• [Exercise requirements]: The answer must be every line of the records in which the string "outdoors" appears.

Source records
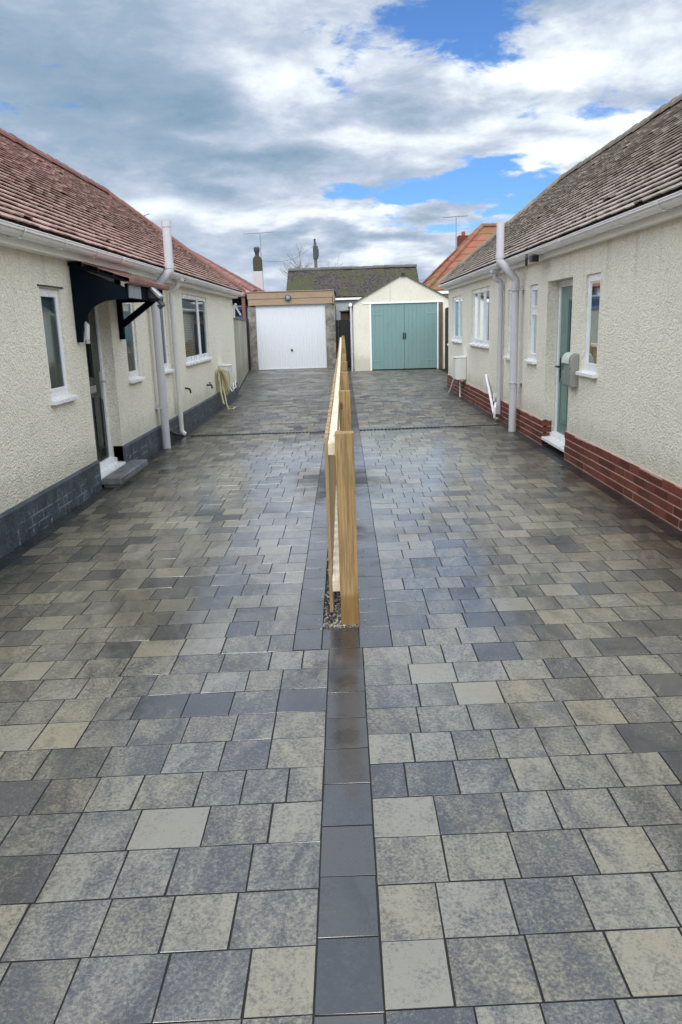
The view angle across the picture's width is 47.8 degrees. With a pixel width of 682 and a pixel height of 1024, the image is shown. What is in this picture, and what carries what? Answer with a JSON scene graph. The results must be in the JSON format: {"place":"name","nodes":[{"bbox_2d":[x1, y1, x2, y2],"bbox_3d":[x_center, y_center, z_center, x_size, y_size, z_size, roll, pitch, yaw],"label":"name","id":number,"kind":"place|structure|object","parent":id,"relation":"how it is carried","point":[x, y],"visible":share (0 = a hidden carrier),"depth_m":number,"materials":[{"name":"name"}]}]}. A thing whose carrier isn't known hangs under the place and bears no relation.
{"place":"outdoors","nodes":[
{"label":"outdoors","id":0,"kind":"place"},
{"bbox_2d":[0,368,681,1023],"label":"driveway","id":1,"kind":"structure","parent":0,"point":[88,550],"depth_m":2.89,"materials":[{"name":"grey stone"}]},
{"bbox_2d":[246,319,250,370],"bbox_3d":[-3.164,-5.737,26.462,0.079,1.740,0.079,-2,14,1],"label":"drain pipe","id":2,"kind":"object","parent":1,"relation":"on","point":[248,340],"visible":1,"depth_m":26.43,"materials":[{"name":"black plastic"}]},
{"bbox_2d":[191,431,324,436],"bbox_3d":[-1.175,-1.113,10.981,1.915,0.016,0.140,-2,14,1],"label":"drain channel","id":3,"kind":"object","parent":1,"relation":"on","point":[310,432],"visible":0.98,"depth_m":10.96,"materials":[{"name":"black plastic"}]},
{"bbox_2d":[360,424,498,430],"bbox_3d":[1.286,-1.218,11.115,2.040,0.016,0.211,-2,14,1],"label":"drain channel","id":4,"kind":"object","parent":1,"relation":"on","point":[438,427],"visible":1,"depth_m":11.10,"materials":[{"name":"black plastic"}]},
{"bbox_2d":[0,367,681,1023],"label":"driveway bedding","id":5,"kind":"object","parent":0,"point":[550,447],"depth_m":2.52,"materials":[{"name":"grey concrete"}]},
{"bbox_2d":[0,128,245,558],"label":"bungalow","id":6,"kind":"object","parent":5,"relation":"on","point":[122,396],"visible":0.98,"depth_m":7.56,"materials":[{"name":"beige paint"}]},
{"bbox_2d":[39,288,78,404],"bbox_3d":[-2.409,-1.392,6.470,0.136,0.935,0.560,-2,14,1],"label":"window","id":7,"kind":"structure","parent":6,"relation":"in","point":[49,297],"depth_m":6.57,"materials":[{"name":"white plastic"}]},
{"bbox_2d":[84,322,90,343],"bbox_3d":[-2.346,-1.653,7.096,0.075,0.200,0.048,-2,14,1],"label":"wall light","id":8,"kind":"object","parent":6,"relation":"attached to","point":[87,332],"visible":0.85,"depth_m":7.08,"materials":[{"name":"white"}]},
{"bbox_2d":[84,305,125,479],"bbox_3d":[-2.461,-1.329,7.705,0.205,1.898,0.866,-2,14,1],"label":"door","id":9,"kind":"structure","parent":6,"relation":"in","point":[109,463],"depth_m":7.95,"materials":[{"name":"white plastic"}]},
{"bbox_2d":[123,303,145,383],"bbox_3d":[-2.404,-1.957,8.777,0.136,0.935,0.570,-2,14,1],"label":"window","id":10,"kind":"structure","parent":6,"relation":"in","point":[127,307],"depth_m":8.91,"materials":[{"name":"white plastic"}]},
{"bbox_2d":[148,287,165,308],"bbox_3d":[-1.837,-2.137,7.697,0.157,0.224,0.140,-2,14,1],"label":"floodlight","id":11,"kind":"object","parent":6,"relation":"attached to","point":[153,292],"visible":1,"depth_m":7.65,"materials":[{"name":"grey paint"}]},
{"bbox_2d":[160,307,174,373],"bbox_3d":[-2.398,-2.345,10.365,0.132,0.933,0.580,-2,14,1],"label":"window","id":12,"kind":"structure","parent":6,"relation":"in","point":[162,317],"depth_m":10.53,"materials":[{"name":"white plastic"}]},
{"bbox_2d":[181,294,212,365],"bbox_3d":[-2.580,-3.033,12.719,0.500,1.430,2.540,-2,14,1],"label":"window","id":13,"kind":"structure","parent":6,"relation":"in","point":[193,333],"depth_m":13.01,"materials":[{"name":"white plastic"}]},
{"bbox_2d":[215,368,235,409],"bbox_3d":[-2.155,-2.338,14.513,0.385,0.753,0.924,-2,14,1],"label":"garden hose","id":14,"kind":"object","parent":6,"relation":"hanging from","point":[224,382],"visible":1,"depth_m":14.50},
{"bbox_2d":[218,364,232,387],"bbox_3d":[-2.240,-2.664,15.027,0.215,0.438,0.470,-2,14,1],"label":"meter box","id":15,"kind":"object","parent":6,"relation":"attached to","point":[228,367],"visible":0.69,"depth_m":14.90,"materials":[{"name":"plastic"}]},
{"bbox_2d":[229,366,232,384],"bbox_3d":[-2.146,-2.651,15.031,0.013,0.375,0.426,-2,14,1],"label":"door","id":16,"kind":"structure","parent":15,"relation":"in","point":[230,368],"depth_m":15.04,"materials":[{"name":"plastic"}]},
{"bbox_2d":[232,303,240,317],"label":"vent window","id":17,"kind":"structure","parent":6,"relation":"in","point":[233,304],"depth_m":16.97,"materials":[{"name":"white plastic"}]},
{"bbox_2d":[233,317,248,388],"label":"garden wall","id":18,"kind":"structure","parent":5,"relation":"on","point":[241,350],"depth_m":21.27,"materials":[{"name":"beige paint"}]},
{"bbox_2d":[308,515,369,633],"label":"gravel","id":19,"kind":"structure","parent":5,"relation":"on","point":[336,612],"depth_m":4.05,"materials":[{"name":"grey gravel"}]},
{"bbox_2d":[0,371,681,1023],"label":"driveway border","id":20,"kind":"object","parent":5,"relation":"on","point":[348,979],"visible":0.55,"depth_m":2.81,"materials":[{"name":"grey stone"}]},
{"bbox_2d":[324,336,359,626],"bbox_3d":[0.029,-2.498,14.194,0.160,1.140,21.422,-2,14,1],"label":"picket fence","id":21,"kind":"object","parent":5,"relation":"on","point":[341,502],"visible":1,"depth_m":3.88,"materials":[{"name":"beige wood"}]},
{"bbox_2d":[445,307,448,370],"bbox_3d":[3.157,-5.084,22.680,0.105,1.950,3.541,-1,14,4],"label":"wooden fence","id":22,"kind":"object","parent":5,"relation":"on","point":[446,338],"visible":0.37,"depth_m":23.63,"materials":[{"name":"brown wood"}]},
{"bbox_2d":[437,93,681,530],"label":"bungalow","id":23,"kind":"object","parent":5,"relation":"on","point":[583,259],"visible":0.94,"depth_m":7.59,"materials":[{"name":"beige paint"}]},
{"bbox_2d":[448,379,460,396],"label":"overflow pipes","id":24,"kind":"object","parent":23,"relation":"attached to","point":[451,387],"visible":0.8,"depth_m":15.42,"materials":[{"name":"white plastic"}]},
{"bbox_2d":[450,296,461,342],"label":"window","id":25,"kind":"structure","parent":23,"relation":"in","point":[457,301],"depth_m":16.16,"materials":[{"name":"white plastic"}]},
{"bbox_2d":[452,355,466,379],"bbox_3d":[2.324,-2.842,15.164,0.225,0.448,0.440,-2,14,1],"label":"meter box","id":26,"kind":"object","parent":23,"relation":"attached to","point":[458,367],"visible":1,"depth_m":14.98,"materials":[{"name":"plastic"}]},
{"bbox_2d":[452,358,455,378],"bbox_3d":[2.227,-2.824,15.169,0.013,0.385,0.396,-2,14,1],"label":"door","id":27,"kind":"structure","parent":26,"relation":"in","point":[453,360],"depth_m":15.13,"materials":[{"name":"plastic"}]},
{"bbox_2d":[468,286,489,347],"bbox_3d":[2.425,-3.376,13.386,0.132,0.983,1.880,-2,14,1],"label":"window","id":28,"kind":"structure","parent":23,"relation":"in","point":[480,323],"depth_m":13.41,"materials":[{"name":"white plastic"}]},
{"bbox_2d":[503,291,511,359],"bbox_3d":[2.422,-2.641,10.868,0.132,0.963,0.620,-2,14,1],"label":"window","id":29,"kind":"structure","parent":23,"relation":"in","point":[504,357],"depth_m":11.06,"materials":[{"name":"white plastic"}]},
{"bbox_2d":[523,279,569,363],"bbox_3d":[2.602,-2.375,9.631,0.500,1.315,0.810,-2,14,1],"label":"window","id":30,"kind":"structure","parent":23,"relation":"in","point":[534,308],"depth_m":9.69,"materials":[{"name":"white plastic"}]},
{"bbox_2d":[541,279,572,451],"bbox_3d":[2.503,-1.652,8.619,0.220,1.828,0.996,-2,14,1],"label":"door","id":31,"kind":"structure","parent":23,"relation":"in","point":[556,438],"depth_m":8.89,"materials":[{"name":"white plastic"}]},
{"bbox_2d":[561,352,578,386],"bbox_3d":[2.361,-1.472,7.950,0.099,0.343,0.295,-2,14,1],"label":"letterbox","id":32,"kind":"object","parent":23,"relation":"attached to","point":[570,363],"visible":1,"depth_m":7.84,"materials":[{"name":"grey plastic"}]},
{"bbox_2d":[575,273,600,377],"bbox_3d":[2.414,-1.787,7.392,0.132,0.958,0.540,-2,14,1],"label":"window","id":33,"kind":"structure","parent":23,"relation":"in","point":[594,280],"depth_m":7.44,"materials":[{"name":"white plastic"}]},
{"bbox_2d":[0,0,681,290],"label":"sky","id":34,"kind":"structure","parent":0,"point":[352,127],"materials":[{"name":"blue"}]},
{"bbox_2d":[271,362,555,411],"bbox_3d":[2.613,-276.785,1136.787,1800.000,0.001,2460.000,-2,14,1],"label":"ground","id":35,"kind":"structure","parent":0,"point":[350,367],"depth_m":28.03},
{"bbox_2d":[190,249,264,293],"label":"house","id":36,"kind":"structure","parent":35,"relation":"on","point":[246,285],"depth_m":30.37,"materials":[{"name":"red tile"}]},
{"bbox_2d":[232,294,248,367],"bbox_3d":[-3.959,-6.588,28.227,1.340,2.600,2.450,-2,14,1],"label":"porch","id":37,"kind":"object","parent":35,"relation":"on","point":[242,300],"visible":0.17,"depth_m":27.09,"materials":[{"name":"brown"}]},
{"bbox_2d":[235,305,247,318],"bbox_3d":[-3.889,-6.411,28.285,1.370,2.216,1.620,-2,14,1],"label":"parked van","id":38,"kind":"object","parent":35,"relation":"on","point":[239,307],"visible":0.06,"depth_m":27.32,"materials":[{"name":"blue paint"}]},
{"bbox_2d":[253,247,263,289],"bbox_3d":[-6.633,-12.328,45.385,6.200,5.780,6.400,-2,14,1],"label":"chimney","id":39,"kind":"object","parent":35,"relation":"on","point":[258,280],"depth_m":42.86,"materials":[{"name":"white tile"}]},
{"bbox_2d":[247,232,273,258],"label":"tv aerial","id":40,"kind":"object","parent":39,"relation":"attached to","point":[260,239],"visible":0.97,"depth_m":42.93,"materials":[{"name":"silver metal"}]},
{"bbox_2d":[245,289,336,369],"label":"garage","id":41,"kind":"structure","parent":35,"relation":"on","point":[297,330],"depth_m":26.57,"materials":[{"name":"beige stone"}]},
{"bbox_2d":[285,295,290,300],"bbox_3d":[-1.805,-7.279,26.162,0.207,0.207,0.100,-2,14,1],"label":"bulkhead light","id":42,"kind":"object","parent":41,"relation":"attached to","point":[287,297],"visible":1,"depth_m":26.14,"materials":[{"name":"grey paint"}]},
{"bbox_2d":[255,304,326,369],"bbox_3d":[-1.713,-6.043,26.623,2.394,2.160,0.074,-2,14,1],"label":"garage door","id":43,"kind":"structure","parent":41,"relation":"in","point":[288,336],"depth_m":26.63,"materials":[{"name":"white metal"}]},
{"bbox_2d":[270,239,318,267],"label":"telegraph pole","id":44,"kind":"object","parent":35,"relation":"on","point":[315,252],"visible":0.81,"depth_m":56.91,"materials":[{"name":"grey paint"}]},
{"bbox_2d":[273,242,346,281],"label":"bare tree","id":45,"kind":"object","parent":35,"relation":"on","point":[297,264],"visible":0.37,"depth_m":60.08,"materials":[{"name":"brown plant"}]},
{"bbox_2d":[339,310,350,353],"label":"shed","id":46,"kind":"structure","parent":35,"relation":"on","point":[344,314],"depth_m":29.27,"materials":[{"name":"brown wood"}]},
{"bbox_2d":[286,264,418,326],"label":"outbuilding","id":47,"kind":"structure","parent":35,"relation":"on","point":[350,284],"depth_m":33.03,"materials":[{"name":"tile"}]},
{"bbox_2d":[348,273,448,370],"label":"garage","id":48,"kind":"structure","parent":35,"relation":"on","point":[398,321],"depth_m":24.42,"materials":[{"name":"white paint"}]},
{"bbox_2d":[336,320,353,365],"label":"gate","id":49,"kind":"structure","parent":48,"relation":"attached to","point":[344,326],"depth_m":27.20,"materials":[{"name":"black wood"}]},
{"bbox_2d":[371,303,404,369],"bbox_3d":[1.493,-5.567,24.484,1.037,2.025,0.083,-2,14,1],"label":"garage door","id":50,"kind":"structure","parent":48,"relation":"in","point":[387,320],"depth_m":24.49,"materials":[{"name":"teal paint"}]},
{"bbox_2d":[404,302,436,368],"bbox_3d":[2.534,-5.595,24.474,1.033,2.025,0.083,-2,14,1],"label":"garage door","id":51,"kind":"structure","parent":48,"relation":"in","point":[420,319],"depth_m":24.48,"materials":[{"name":"teal paint"}]},
{"bbox_2d":[422,223,496,306],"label":"house","id":52,"kind":"structure","parent":35,"relation":"on","point":[467,245],"depth_m":32.77,"materials":[{"name":"orange tile"}]},
{"bbox_2d":[443,215,466,241],"bbox_3d":[5.335,-13.014,36.078,1.115,1.615,0.360,-2,14,1],"label":"tv aerial","id":53,"kind":"object","parent":52,"relation":"attached to","point":[456,223],"visible":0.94,"depth_m":35.93,"materials":[{"name":"silver metal"}]}
]}

• [Result of the task]:
{"place":"outdoors","nodes":[
{"label":"outdoors","id":0,"kind":"place"},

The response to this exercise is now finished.